Однако не прошло и часа, а, может, чуть больше, как он вернулся домой. Он промчался мимо меня в свой кабинет, а затем вышел оттуда и направился вновь к машине. В мою сторону он даже не посмотрел. На тот момент я была для него неодушевленным предметом. Это оказалось последней каплей. Я до сих пор не могу вспомнить, как я оказалась рядом с ним на переднем сиденье. Мы кричали друг на друга, он пытался несколько раз высадить меня из машины, но я сказала, что он или поедет вместе со мной на свою, как он выразился, деловую встречу, или не поедет вообще. А он расхохотался мне в лицо и спросил, каким именно образом я собираюсь его остановить. Я сказала: "убью". Тогда он спокойно протянул мне свой револьвер. "Действуй, - говорит, - мне некогда ждать".
На свою встречу, как ты понимаешь, он не попал. На заднем сиденье лежали какие-то бумаги. Я забрала их из машины и вместе с револьвером отнесла в дом. Затем я стянула с Павла его куртку и бейсболку и надела все это на себя. Когда проезжала охрану, на мое счастье, никто из охранников не выходил и шлагбаум не перекрывал. Машину я оставила недалеко от поселка на обочине и вернулась домой в обход охраны через лаз, который проделали в заборе наши жители.

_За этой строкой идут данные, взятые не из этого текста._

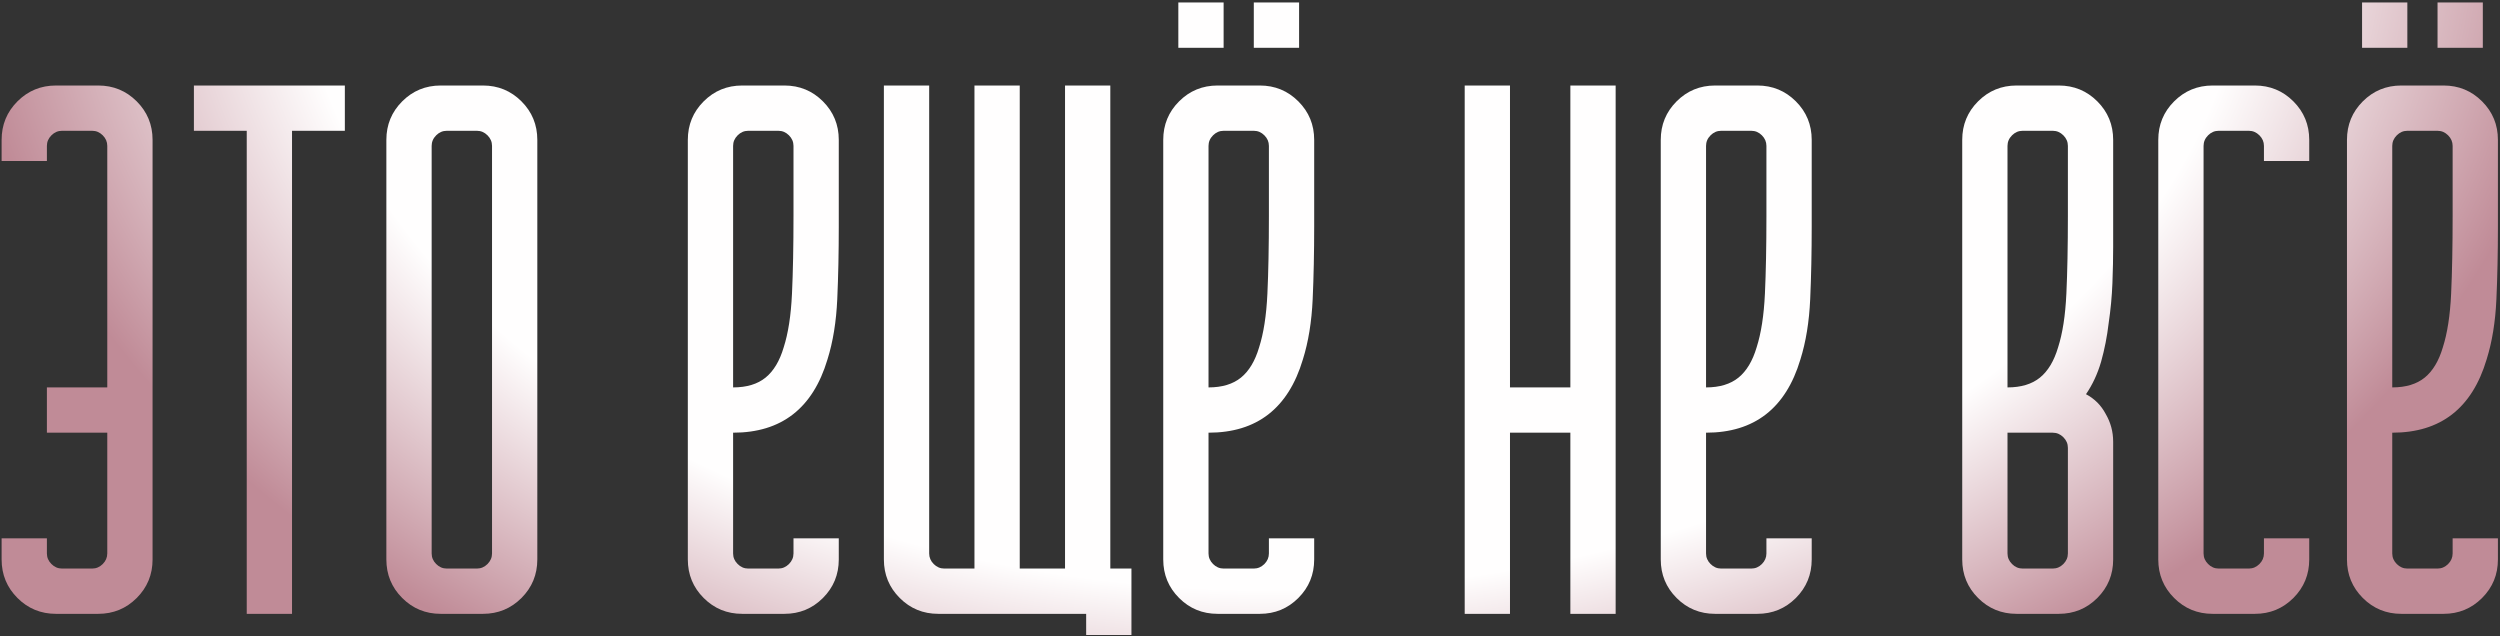 <?xml version="1.0" encoding="UTF-8"?> <svg xmlns="http://www.w3.org/2000/svg" width="448" height="114" viewBox="0 0 448 114" fill="none"><rect x="0" y="0" width="448" height="114" fill="#333333" stroke="none"/> <path d="M10.027 15.323H17.602C20.306 15.323 22.606 16.27 24.499 18.163C26.393 20.057 27.34 22.356 27.34 25.061V100.262C27.34 102.967 26.393 105.266 24.499 107.16C22.606 109.053 20.306 110 17.602 110H10.027C7.322 110 5.023 109.053 3.129 107.16C1.236 105.266 0.289 102.967 0.289 100.262V96.475H8.404V99.18C8.404 99.901 8.675 100.532 9.216 101.073C9.757 101.614 10.388 101.885 11.109 101.885H16.52C17.241 101.885 17.872 101.614 18.413 101.073C18.954 100.532 19.224 99.901 19.224 99.18V77.539H8.404V69.424H19.224V26.143C19.224 25.422 18.954 24.791 18.413 24.25C17.872 23.709 17.241 23.438 16.52 23.438H11.109C10.388 23.438 9.757 23.709 9.216 24.25C8.675 24.791 8.404 25.422 8.404 26.143V28.848H0.289V25.061C0.289 22.356 1.236 20.057 3.129 18.163C5.023 16.27 7.322 15.323 10.027 15.323ZM34.747 23.438V15.323H61.797V23.438H52.33V110H44.215V23.438H34.747ZM78.975 15.323H86.549C89.254 15.323 91.553 16.27 93.447 18.163C95.34 20.057 96.287 22.356 96.287 25.061V100.262C96.287 102.967 95.34 105.266 93.447 107.16C91.553 109.053 89.254 110 86.549 110H78.975C76.269 110 73.97 109.053 72.077 107.16C70.183 105.266 69.236 102.967 69.236 100.262V25.061C69.236 22.356 70.183 20.057 72.077 18.163C73.97 16.27 76.269 15.323 78.975 15.323ZM80.057 101.885H85.467C86.188 101.885 86.819 101.614 87.36 101.073C87.901 100.532 88.172 99.901 88.172 99.18V26.143C88.172 25.422 87.901 24.791 87.36 24.25C86.819 23.709 86.188 23.438 85.467 23.438H80.057C79.335 23.438 78.704 23.709 78.163 24.25C77.622 24.791 77.352 25.422 77.352 26.143V99.18C77.352 99.901 77.622 100.532 78.163 101.073C78.704 101.614 79.335 101.885 80.057 101.885ZM123.258 100.262V25.061C123.258 22.356 124.205 20.057 126.099 18.163C127.992 16.27 130.291 15.323 132.996 15.323H140.571C143.276 15.323 145.575 16.27 147.469 18.163C149.362 20.057 150.309 22.356 150.309 25.061V40.615C150.309 45.214 150.219 49.542 150.038 53.6C149.858 57.657 149.272 61.264 148.28 64.42C145.665 73.166 140.03 77.539 131.373 77.539V99.18C131.373 99.901 131.644 100.532 132.185 101.073C132.726 101.614 133.357 101.885 134.079 101.885H139.489C140.21 101.885 140.841 101.614 141.382 101.073C141.923 100.532 142.194 99.901 142.194 99.18V96.475H150.309V100.262C150.309 102.967 149.362 105.266 147.469 107.16C145.575 109.053 143.276 110 140.571 110H132.996C130.291 110 127.992 109.053 126.099 107.16C124.205 105.266 123.258 102.967 123.258 100.262ZM131.373 69.424C133.808 69.424 135.747 68.838 137.189 67.666C138.632 66.494 139.714 64.69 140.435 62.256C141.247 59.731 141.743 56.53 141.923 52.653C142.104 48.776 142.194 44.132 142.194 38.722V26.143C142.194 25.422 141.923 24.791 141.382 24.25C140.841 23.709 140.21 23.438 139.489 23.438H134.079C133.357 23.438 132.726 23.709 132.185 24.25C131.644 24.791 131.373 25.422 131.373 26.143V69.424ZM158.392 100.262V15.323H166.508V99.18C166.508 99.901 166.778 100.532 167.319 101.073C167.86 101.614 168.491 101.885 169.213 101.885H174.623V15.323H182.738V101.885H190.853V15.323H198.968V101.885H202.755V113.787H194.64V110H168.131C165.425 110 163.126 109.053 161.233 107.16C159.339 105.266 158.392 102.967 158.392 100.262ZM225.764 15.323C228.469 15.323 230.768 16.27 232.662 18.163C234.556 20.057 235.502 22.356 235.502 25.061V40.615C235.502 45.214 235.412 49.542 235.232 53.6C235.051 57.657 234.465 61.264 233.474 64.42C230.859 73.166 225.223 77.539 216.567 77.539V99.18C216.567 99.901 216.837 100.532 217.378 101.073C217.919 101.614 218.551 101.885 219.272 101.885H224.682C225.403 101.885 226.035 101.614 226.576 101.073C227.117 100.532 227.387 99.901 227.387 99.18V96.475H235.502V100.262C235.502 102.967 234.556 105.266 232.662 107.16C230.768 109.053 228.469 110 225.764 110H218.19C215.485 110 213.186 109.053 211.292 107.16C209.399 105.266 208.452 102.967 208.452 100.262V25.061C208.452 22.356 209.399 20.057 211.292 18.163C213.186 16.27 215.485 15.323 218.19 15.323H225.764ZM227.387 26.143C227.387 25.422 227.117 24.791 226.576 24.25C226.035 23.709 225.403 23.438 224.682 23.438H219.272C218.551 23.438 217.919 23.709 217.378 24.25C216.837 24.791 216.567 25.422 216.567 26.143V69.424C219.001 69.424 220.94 68.838 222.383 67.666C223.825 66.494 224.908 64.69 225.629 62.256C226.44 59.731 226.936 56.53 227.117 52.653C227.297 48.776 227.387 44.132 227.387 38.722V26.143ZM219.272 0.445V8.56H211.157V0.445H219.272ZM232.797 0.445V8.56H224.682V0.445H232.797ZM262.474 15.323H270.589V69.424H281.409V15.323H289.524V69.424V110H281.409V77.539H270.589V110H262.474V15.323ZM297.608 100.262V25.061C297.608 22.356 298.554 20.057 300.448 18.163C302.342 16.27 304.641 15.323 307.346 15.323H314.92C317.625 15.323 319.924 16.27 321.818 18.163C323.711 20.057 324.658 22.356 324.658 25.061V40.615C324.658 45.214 324.568 49.542 324.388 53.6C324.207 57.657 323.621 61.264 322.629 64.42C320.015 73.166 314.379 77.539 305.723 77.539V99.18C305.723 99.901 305.993 100.532 306.534 101.073C307.075 101.614 307.707 101.885 308.428 101.885H313.838C314.559 101.885 315.191 101.614 315.732 101.073C316.273 100.532 316.543 99.901 316.543 99.18V96.475H324.658V100.262C324.658 102.967 323.711 105.266 321.818 107.16C319.924 109.053 317.625 110 314.92 110H307.346C304.641 110 302.342 109.053 300.448 107.16C298.554 105.266 297.608 102.967 297.608 100.262ZM305.723 69.424C308.157 69.424 310.096 68.838 311.539 67.666C312.981 66.494 314.063 64.69 314.785 62.256C315.596 59.731 316.092 56.53 316.273 52.653C316.453 48.776 316.543 44.132 316.543 38.722V26.143C316.543 25.422 316.273 24.791 315.732 24.25C315.191 23.709 314.559 23.438 313.838 23.438H308.428C307.707 23.438 307.075 23.709 306.534 24.25C305.993 24.791 305.723 25.422 305.723 26.143V69.424ZM351.63 100.262V25.061C351.63 22.356 352.576 20.057 354.47 18.163C356.363 16.27 358.663 15.323 361.368 15.323H368.942C371.647 15.323 373.946 16.27 375.84 18.163C377.733 20.057 378.68 22.356 378.68 25.061V44.267C378.68 46.161 378.635 48.325 378.545 50.759C378.455 53.104 378.229 55.493 377.869 57.928C377.598 60.272 377.147 62.571 376.516 64.826C375.885 66.99 374.983 68.928 373.811 70.641C375.344 71.453 376.516 72.625 377.328 74.158C378.229 75.691 378.68 77.359 378.68 79.162V100.262C378.68 102.967 377.733 105.266 375.84 107.16C373.946 109.053 371.647 110 368.942 110H361.368C358.663 110 356.363 109.053 354.47 107.16C352.576 105.266 351.63 102.967 351.63 100.262ZM370.565 38.722V26.143C370.565 25.422 370.294 24.791 369.753 24.25C369.212 23.709 368.581 23.438 367.86 23.438H362.45C361.728 23.438 361.097 23.709 360.556 24.25C360.015 24.791 359.745 25.422 359.745 26.143V69.424C362.179 69.424 364.118 68.838 365.561 67.666C367.003 66.494 368.085 64.69 368.807 62.256C369.618 59.731 370.114 56.53 370.294 52.653C370.475 48.776 370.565 44.132 370.565 38.722ZM362.45 101.885H367.86C368.581 101.885 369.212 101.614 369.753 101.073C370.294 100.532 370.565 99.901 370.565 99.18V80.244C370.565 79.523 370.294 78.892 369.753 78.351C369.212 77.81 368.581 77.539 367.86 77.539H359.745V99.18C359.745 99.901 360.015 100.532 360.556 101.073C361.097 101.614 361.728 101.885 362.45 101.885ZM386.764 100.262V25.061C386.764 22.356 387.71 20.057 389.604 18.163C391.497 16.27 393.797 15.323 396.502 15.323H404.076C406.781 15.323 409.08 16.27 410.974 18.163C412.867 20.057 413.814 22.356 413.814 25.061V28.848H405.699V26.143C405.699 25.422 405.429 24.791 404.887 24.25C404.346 23.709 403.715 23.438 402.994 23.438H397.584C396.862 23.438 396.231 23.709 395.69 24.25C395.149 24.791 394.879 25.422 394.879 26.143V99.18C394.879 99.901 395.149 100.532 395.69 101.073C396.231 101.614 396.862 101.885 397.584 101.885H402.994C403.715 101.885 404.346 101.614 404.887 101.073C405.429 100.532 405.699 99.901 405.699 99.18V96.475H413.814V100.262C413.814 102.967 412.867 105.266 410.974 107.16C409.08 109.053 406.781 110 404.076 110H396.502C393.797 110 391.497 109.053 389.604 107.16C387.71 105.266 386.764 102.967 386.764 100.262ZM437.889 15.323C440.594 15.323 442.894 16.27 444.787 18.163C446.681 20.057 447.627 22.356 447.627 25.061V40.615C447.627 45.214 447.537 49.542 447.357 53.6C447.177 57.657 446.59 61.264 445.599 64.42C442.984 73.166 437.348 77.539 428.692 77.539V99.18C428.692 99.901 428.963 100.532 429.504 101.073C430.045 101.614 430.676 101.885 431.397 101.885H436.807C437.529 101.885 438.16 101.614 438.701 101.073C439.242 100.532 439.512 99.901 439.512 99.18V96.475H447.627V100.262C447.627 102.967 446.681 105.266 444.787 107.16C442.894 109.053 440.594 110 437.889 110H430.315C427.61 110 425.311 109.053 423.417 107.16C421.524 105.266 420.577 102.967 420.577 100.262V25.061C420.577 22.356 421.524 20.057 423.417 18.163C425.311 16.27 427.61 15.323 430.315 15.323H437.889ZM439.512 26.143C439.512 25.422 439.242 24.791 438.701 24.25C438.16 23.709 437.529 23.438 436.807 23.438H431.397C430.676 23.438 430.045 23.709 429.504 24.25C428.963 24.791 428.692 25.422 428.692 26.143V69.424C431.127 69.424 433.065 68.838 434.508 67.666C435.951 66.494 437.033 64.69 437.754 62.256C438.565 59.731 439.061 56.53 439.242 52.653C439.422 48.776 439.512 44.132 439.512 38.722V26.143ZM431.397 0.445V8.56H423.282V0.445H431.397ZM444.922 0.445V8.56H436.807V0.445H444.922Z" fill="url(#paint0_radial_250_67)"></path> <defs> <radialGradient id="paint0_radial_250_67" cx="0" cy="0" r="1" gradientUnits="userSpaceOnUse" gradientTransform="translate(228 -13.75) rotate(90) scale(160 236.483)"> <stop offset="0.745" stop-color="#FFFEFE"></stop> <stop offset="1" stop-color="#C08B97"></stop> </radialGradient> </defs> </svg>

Если до этого моя жизнь была пыткой, то теперь она превратилась в кромешный ад. Я сразу поняла, что просто жить у меня уже не получится. Однако когда я встала утром с постели, сработал какой-то звериный инстинкт самосохранения. Ты не поверишь, но мне даже не пришлось играть роль убитой горем вдовы. На какой-то момент сознание просто отключило из памяти все, что произошло ночью. Ты спрашивал меня про Павла, и я искренне удивлялась, почему он не явился на работу. Я не могла поверить во все то, что произошло ночью. Когда милиция сказала, что произошла авария, я впала в состояние полного отупения - ведь, на самом деле, никакой аварии быть не могло. Кто же мог предположить, что машину случайно столкнет в овраг проезжающая мимо другая машина? Только когда я увидела его в морге, до меня дошел весь ужас случившегося.